== Task inputs ==
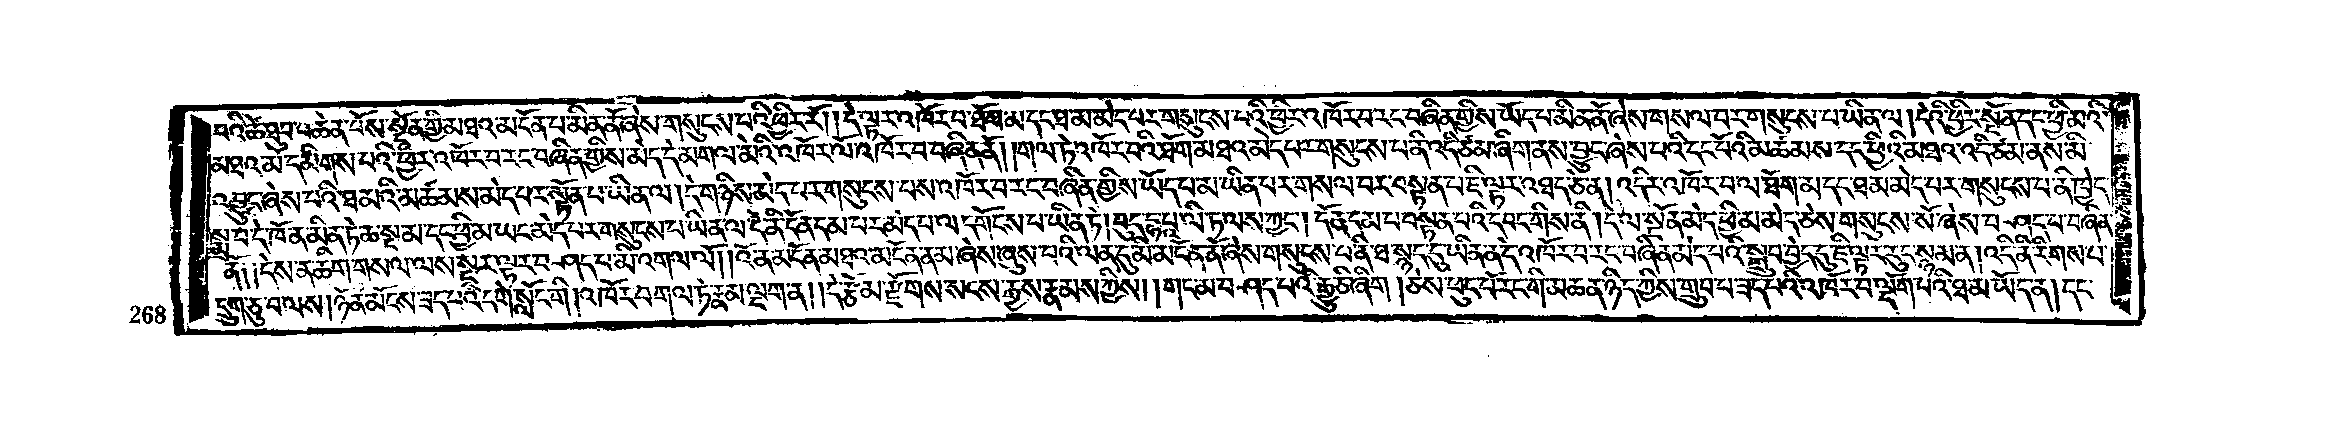པའི་ཚེ་ཐུབ་པ་ཆེན་པོས་སྔོན་གྱི་མཐའ་མངོན་པ་མིན་ནོ་ཞེས་གསུངས་པའི་ཕྱིར་རོ། །དེ་ལྟར་འཁོར་བ་ཐོག་མ་དང་ཐ་མ་མེད་པར་གསུངས་པའི་ཕྱིར་འཁོར་བ་རང་བཞིན་གྱིས་ཡོད་པ་མིན་ནོ་ཞེས་གསལ་བར་གསུངས་པ་ཡིན་ལ། དེའི་ཕྱིར་སྔོན་དང་ཕྱི་མའི་
མཐའ་མ་དམིགས་པའི་ཕྱིར་འཁོར་བ་རང་བཞིན་གྱིས་མེད་དེ་མགལ་མེའི་འཁོར་ལོ་འཁོར་བ་བཞིན་ནོ། །གལ་ཏེ་འཁོར་བའི་ཐོག་མཐའ་མེད་པར་གསུངས་པ་ནི་འདི་ཙམ་ཞིག་ནས་བྱུང་ཞེས་པའི་དང་པོའི་མཚམས་དང་ཕྱིའི་མཐའ་འདི་ཙམ་ནས་མི་
འབྱུང་ཞེས་པའི་ཐ་མའི་མཚམས་མེད་པར་སྟོན་པ་ཡིན་ལ། དེ་གཉིས་མེད་པར་གསུངས་པས་འཁོར་བ་རང་བཞིན་གྱིས་ཡོད་པ་མ་ཡིན་པར་གསལ་བར་བསྟན་པ་ཇི་ལྟར་འཐད་ཅེ་ན། འདིར་འཁོར་བ་ལ་ཐོག་མ་དང་ཐ་མ་མེད་པར་གསུངས་པ་ནི་ཁྱེད་
སྨྲ་བ་དེ་ཁོ་ན་མིན་ཏེ་ཆ་སྔ་མ་དང་ཕྱི་མ་ཡང་མེད་པར་གསུངས་པ་ཡིན་ལ་དེ་ནི་དོན་དམ་པར་མེད་པར་ལ་དགོངས་པ་ཡིན་ཏེ། བུད་དྷ་པཱ་ལི་ཏ་ལས་ཀྱང་། དོན་དམ་པ་བསྟན་པའི་དབང་གིས་ནི། དེ་ལ་སྔོན་མེད་ཕྱི་མ་མེད་ཅེས་གསུངས་སོ་ཞེས་བཤད་པ་བཞིན་
ནོ༑ ༑དེས་ན་ཚིག་གསལ་ལས་སྔར་ལྟར་བཤད་པ་མི་འགལ་ལོ། །འོ་ན་མངོན་མཐའ་མངོན་ནམ་ཞེས་ཞུས་པའི་ལན་དུ་མི་མངོན་ནོ་ཞེས་གསུངས་པ་ནི་ཐ་སྙད་དུ་ཡིན་ན་དེ་འཁོར་བ་རང་བཞིན་མེད་པའི་སྒྲུབ་བྱེད་དུ་ཇི་ལྟར་རུང་སྙམ་ན། འདི་ནི་རིགས་པ་
དྲུག་ཅུ་པ་ལས། ཉོན་མོངས་ཟད་པའི་དགེ་སློང་གི །འཁོར་བ་གལ་ཏེ་རྣམ་ལྡག་ན། །དེ་རྩོམ་རྫོགས་སངས་རྒྱས་རྣམས་ཀྱིས། །གང་མ་བཤད་པའི་རྒྱུ་ཅི་ཞིག །ཅེས་ཕུང་པོ་རང་གི་མཚན་ཉིད་ཀྱིས་གྲུབ་པ་ཟད་པའི་འཁོར་བ་ལྡོག་པའི་ཐ་མ་ཡོད་ན། དང་
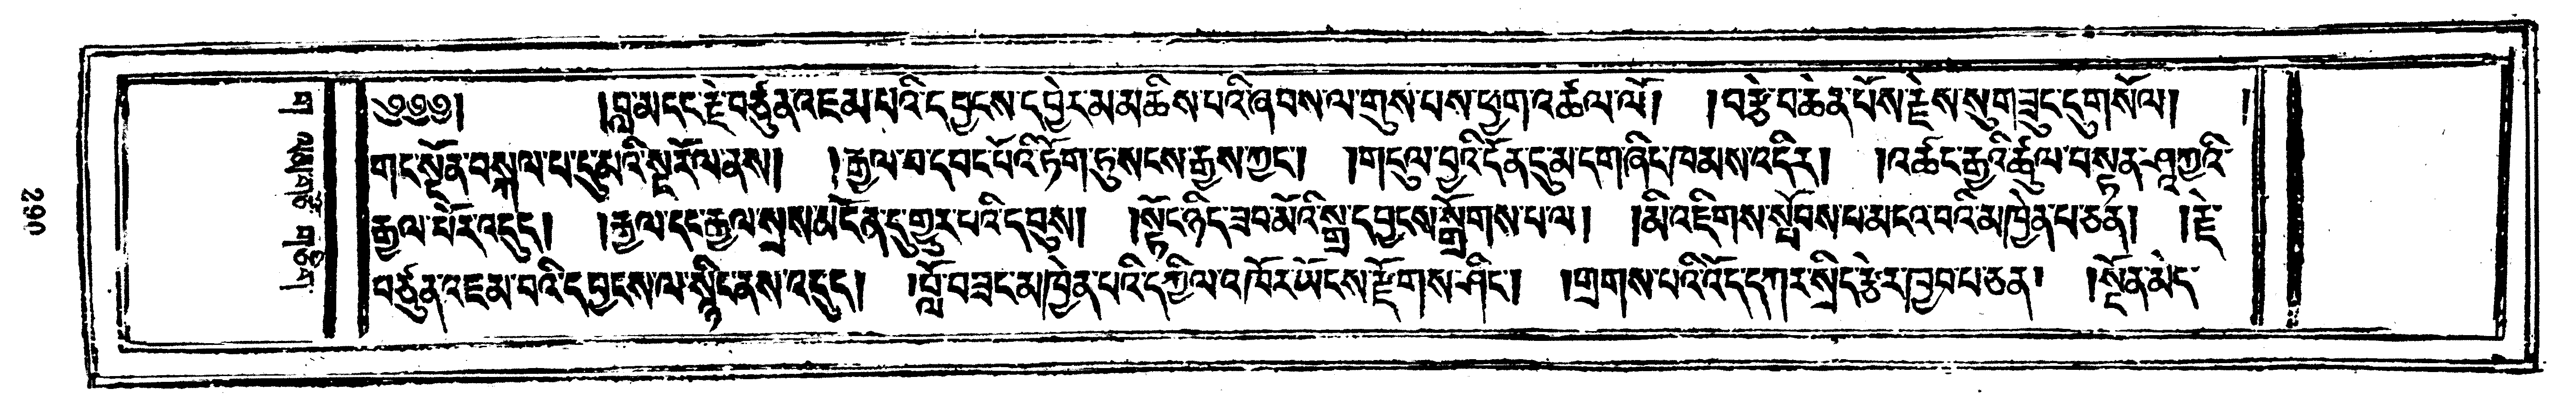༄༅༅། །བླ་མ་དང་རྗེ་བཙུན་འཇམ་པའི་དབྱངས་དབྱེར་མ་མཆིས་པའི་ཞབས་ལ་གུས་པས་ཕྱག་འཚལ་ལོ། །བརྩེ་བ་ཆེན་པོས་རྗེས་སུ་གཟུང་དུ་གསོལ། །
གང་སྔོན་བསྐལ་པ་དུ་མའི་སྔ་རོལ་ནས། །རྒྱལ་བ་དབང་པོའི་ཏོག་ཏུ་སངས་རྒྱས་ཀྱང་། །གདུལ་བྱའི་དོན་དུ་མ་དག་ཞིང་ཁམས་འདིར། །འཚང་རྒྱའི་ཚུལ་བསྟན་ཤཱཀྱའི་
རྒྱལ་པོར་འདུད། །རྒྱལ་དང་རྒྱལ་སྲས་མངོན་དུ་གྱུར་པའི་དབུས། །སྟོང་ཉིད་ཟབ་མོའི་སྒྲ་དབྱངས་སྒྲོགས་པ་ལ། །མི་འཇིགས་སྤོབས་པ་མངའ་བའི་མཁྱེན་པ་ཅན། །རྗེ་
བཙུན་འཇམ་བའི་དབྱངས་ལ་སྙིང་ནས་འདུད། །བློ་བཟང་མཁྱེན་པའི་དཀྱིལ་འཁོར་ཡོངས་རྫོགས་ཤིང་། །གྲགས་པའི་འོད་དཀར་སྲིད་རྩེར་ཁྱབ་པ་ཅན། །སྔོན་མེད་

== Exercise ==
The required answer is each line of the data in which the word "མཚམས" appears.

== Result below ==
མཐའ་མ་དམིགས་པའི་ཕྱིར་འཁོར་བ་རང་བཞིན་གྱིས་མེད་དེ་མགལ་མེའི་འཁོར་ལོ་འཁོར་བ་བཞིན་ནོ། །གལ་ཏེ་འཁོར་བའི་ཐོག་མཐའ་མེད་པར་གསུངས་པ་ནི་འདི་ཙམ་ཞིག་ནས་བྱུང་ཞེས་པའི་དང་པོའི་མཚམས་དང་ཕྱིའི་མཐའ་འདི་ཙམ་ནས་མི་
འབྱུང་ཞེས་པའི་ཐ་མའི་མཚམས་མེད་པར་སྟོན་པ་ཡིན་ལ། དེ་གཉིས་མེད་པར་གསུངས་པས་འཁོར་བ་རང་བཞིན་གྱིས་ཡོད་པ་མ་ཡིན་པར་གསལ་བར་བསྟན་པ་ཇི་ལྟར་འཐད་ཅེ་ན། འདིར་འཁོར་བ་ལ་ཐོག་མ་དང་ཐ་མ་མེད་པར་གསུངས་པ་ནི་ཁྱེད་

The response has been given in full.